Millions wasted by government on useless PPE could have paid for free school meals, Labour says

Jon Stone
·2 min read
 (Getty Images)
(Getty Images)

Millions of pounds wasted by the government on useless protective equipment could have covered the cost of extending free school meals over the Christmas and Easter holidays, Labour has said

Anneliese Dodds, the shadow chancellor, said the government "didn't bat an eyelid" over the £150 million cost of the unusable masks, but was now refusing to spend a similar amount of money preventing food poverty during the pandemic.

It comes as Boris Johnson defended his refusal to provide the extra lunches, saying he was "very proud" of the government's approach.

In August it was revealed that the NHS had deemed supplies of 50 million medical masks, procured under a contract with Ayanda Capital in April, unsafe, as they used the wrong kind of straps.

As the row over free school lunches rages on, Labour has estimated that it would cost around £157 to extend the meals every eligible child in the country until the end of the Easter holidays next year.

The party says the misspend illustrates the government's incompetence.

“The Chancellor didn’t bat an eyelid when millions of pounds of public money were wasted on PPE that couldn’t be used," Ms Dodds said.

“Yet when it comes to keeping kids fed this Christmas, he has nothing to offer but humbug.

“This Chancellor has got his priorities wrong. He won’t budge on a circuit breaker that could save lives and livelihoods. He’s waited to the last possible minute to deliver additional economic support for areas under local restrictions. Now he’s letting kids go hungry at Christmas.

“He’s not helping out – he’s standing in the way.”

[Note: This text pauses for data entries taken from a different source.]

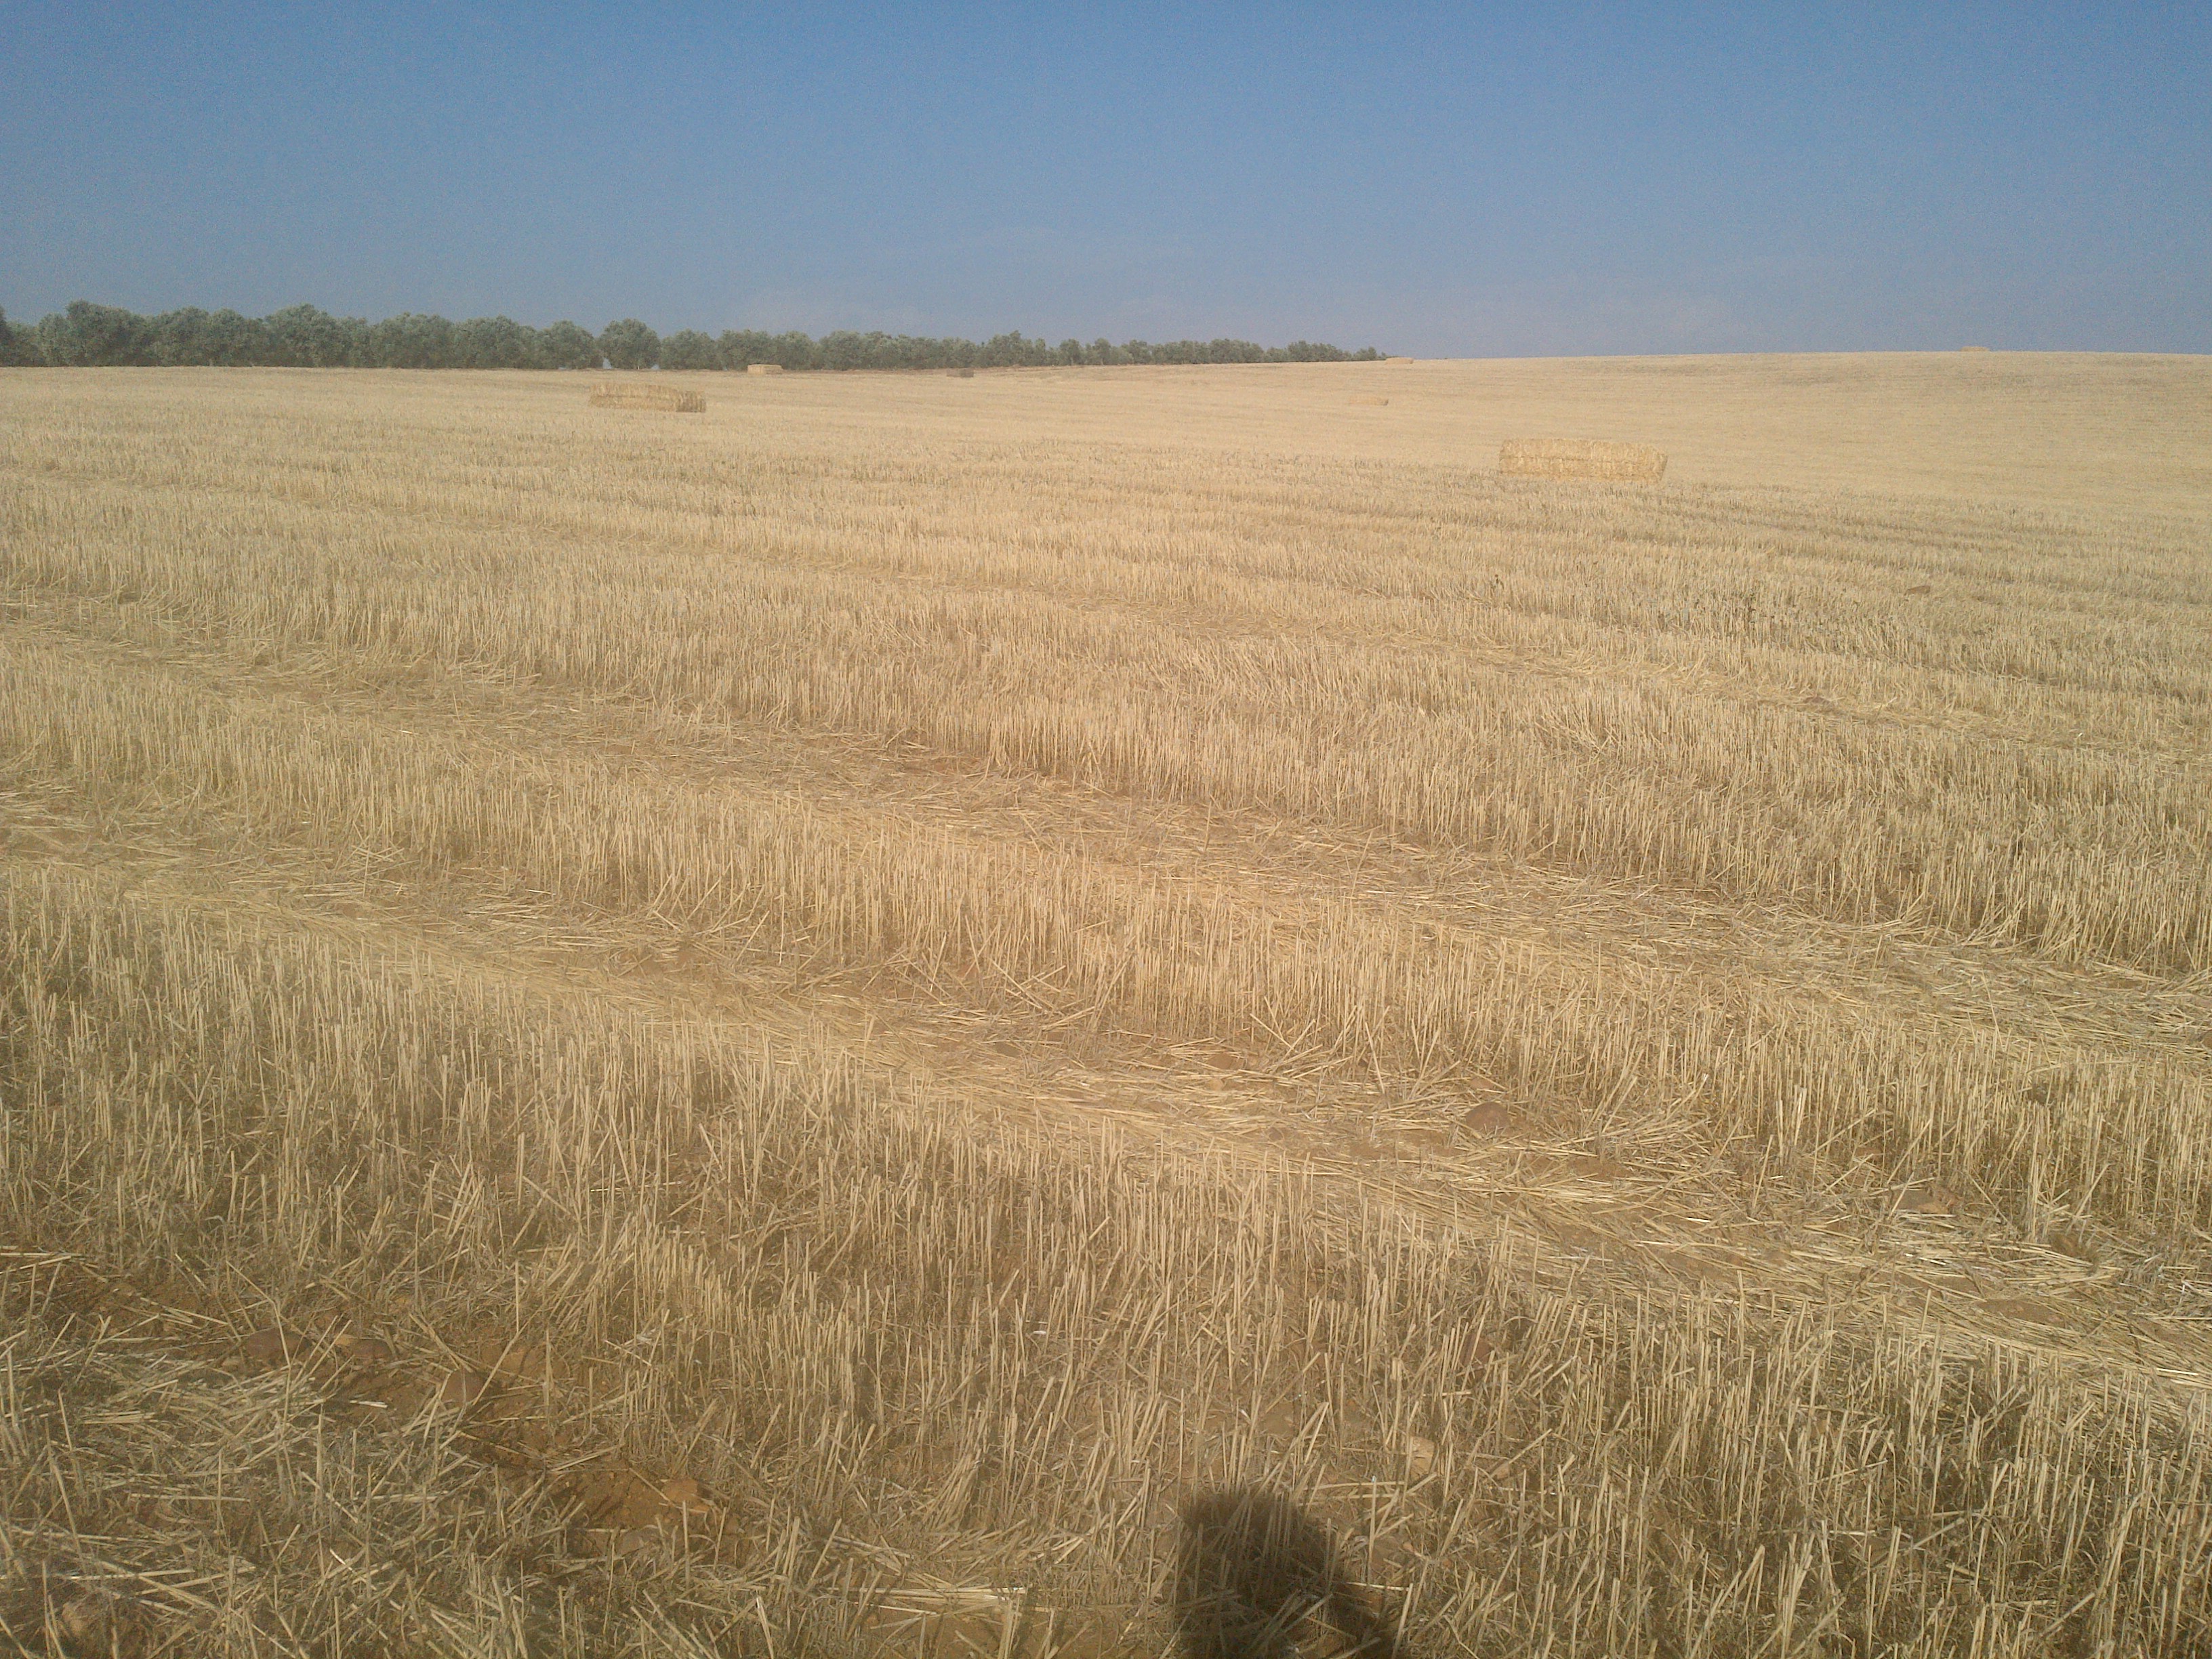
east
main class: Cropland
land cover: Durum wheat
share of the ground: < 10 %
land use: Agriculture (excluding fallow land and kitchen gardens)
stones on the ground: < 10 %
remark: Harvested field
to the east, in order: Durum wheat; Tracks; Olive groves
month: June
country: ES
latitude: 37.7454
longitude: -4.8918

A petition created by England footballer Marcus Rashford calling on the government to reverse the decision has gained more than 900,000 signatures as of Monday afternoon.

Only children in England who will miss out, because Scotland, Wales, and Northern Ireland have all introduced food voucher schemes.

But the prime minister said a £20 a week increase in Universal Credit was more than enough to prevent food poverty.

"We don't want to see children going hungry this winter, this Christmas, certainly not as a result of any inattention by this government - and you are not going to see that," he said.